What to do ▸
Work out how many lines in the listing below carry the word "right". Give that number alone.

Data shown ▸
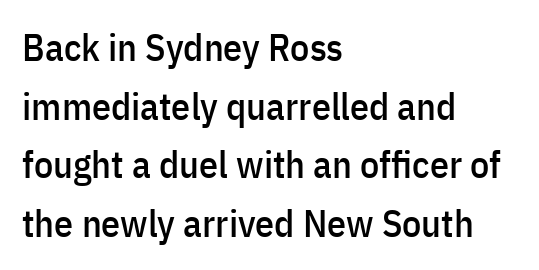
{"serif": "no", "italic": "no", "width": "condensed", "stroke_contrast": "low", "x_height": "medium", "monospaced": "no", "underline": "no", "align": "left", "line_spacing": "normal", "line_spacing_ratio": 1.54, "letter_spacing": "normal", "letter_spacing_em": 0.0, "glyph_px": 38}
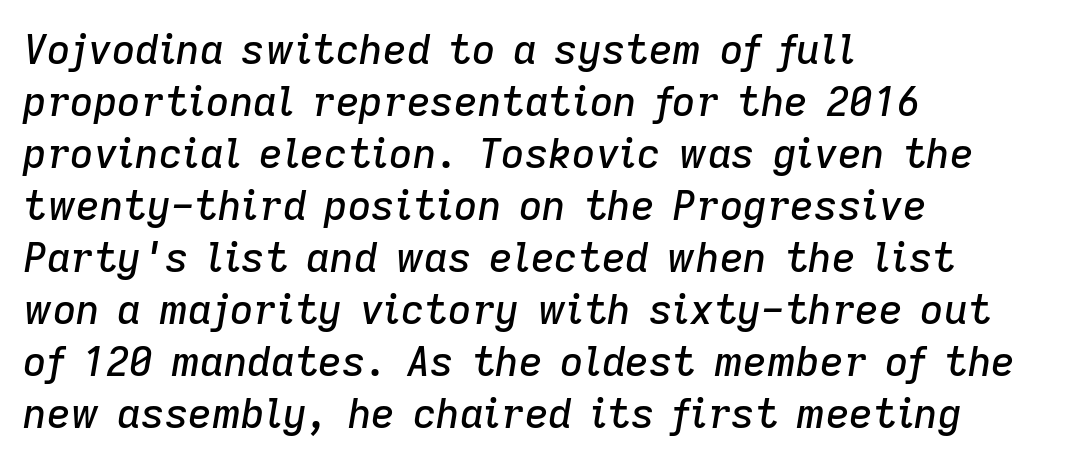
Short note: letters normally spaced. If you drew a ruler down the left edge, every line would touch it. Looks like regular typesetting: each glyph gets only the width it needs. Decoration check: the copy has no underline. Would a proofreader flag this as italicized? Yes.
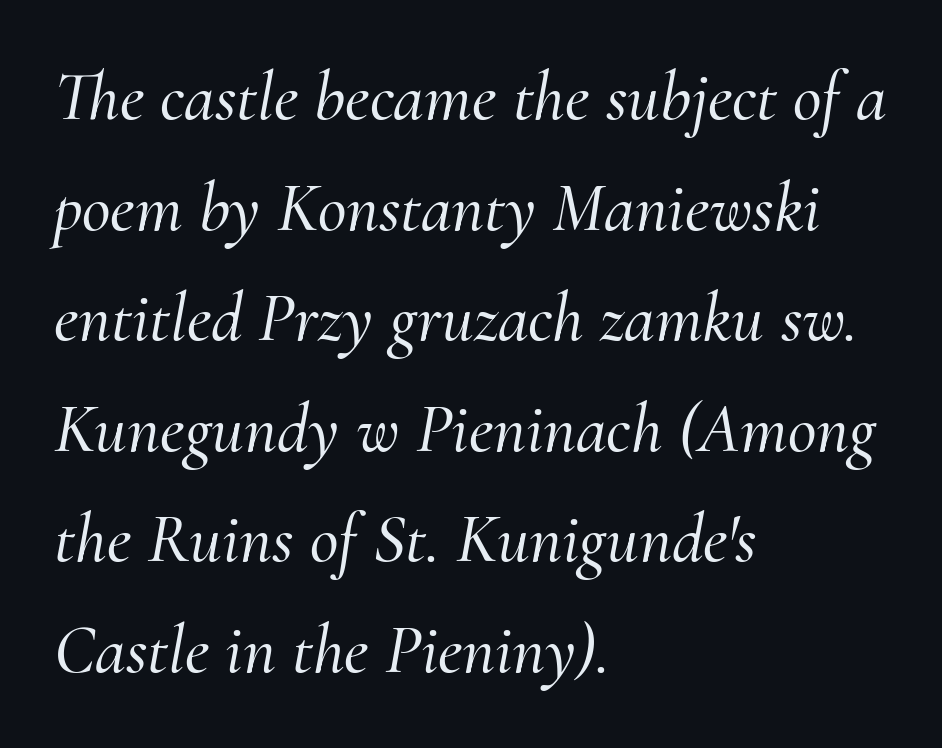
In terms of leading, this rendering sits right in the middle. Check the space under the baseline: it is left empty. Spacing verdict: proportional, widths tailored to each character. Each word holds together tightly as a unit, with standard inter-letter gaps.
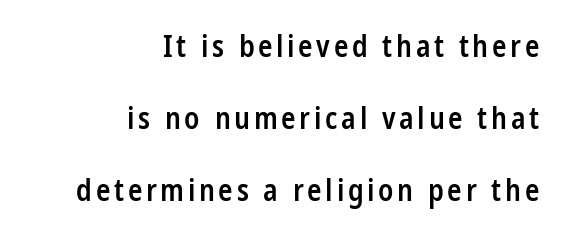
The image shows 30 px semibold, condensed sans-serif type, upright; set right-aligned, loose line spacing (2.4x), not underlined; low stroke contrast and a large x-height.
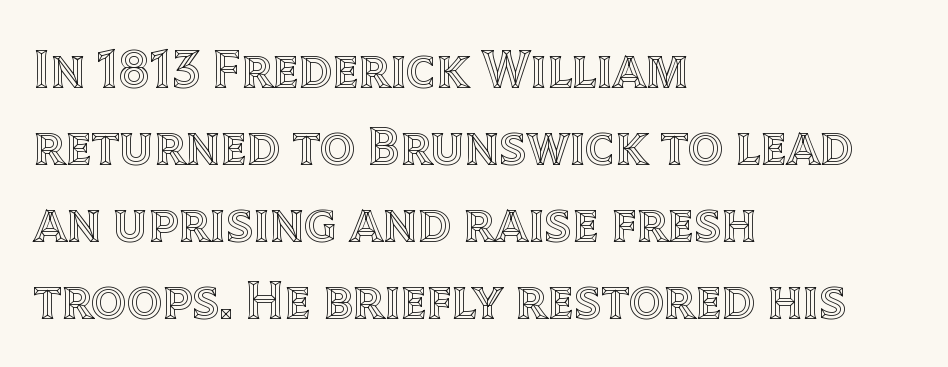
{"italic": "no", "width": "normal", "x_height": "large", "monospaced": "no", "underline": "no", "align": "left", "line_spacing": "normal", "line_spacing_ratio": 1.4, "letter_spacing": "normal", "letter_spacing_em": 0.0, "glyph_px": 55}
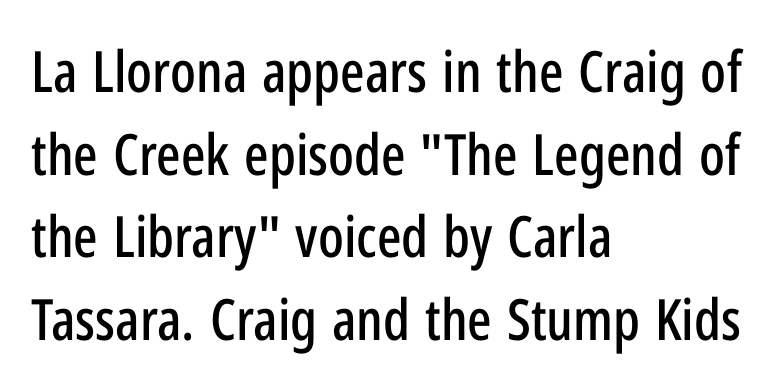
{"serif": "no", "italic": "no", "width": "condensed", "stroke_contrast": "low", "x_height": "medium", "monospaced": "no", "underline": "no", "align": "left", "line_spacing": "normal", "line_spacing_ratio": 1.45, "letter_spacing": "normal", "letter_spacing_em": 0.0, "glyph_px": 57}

Solution for this problem ▸
2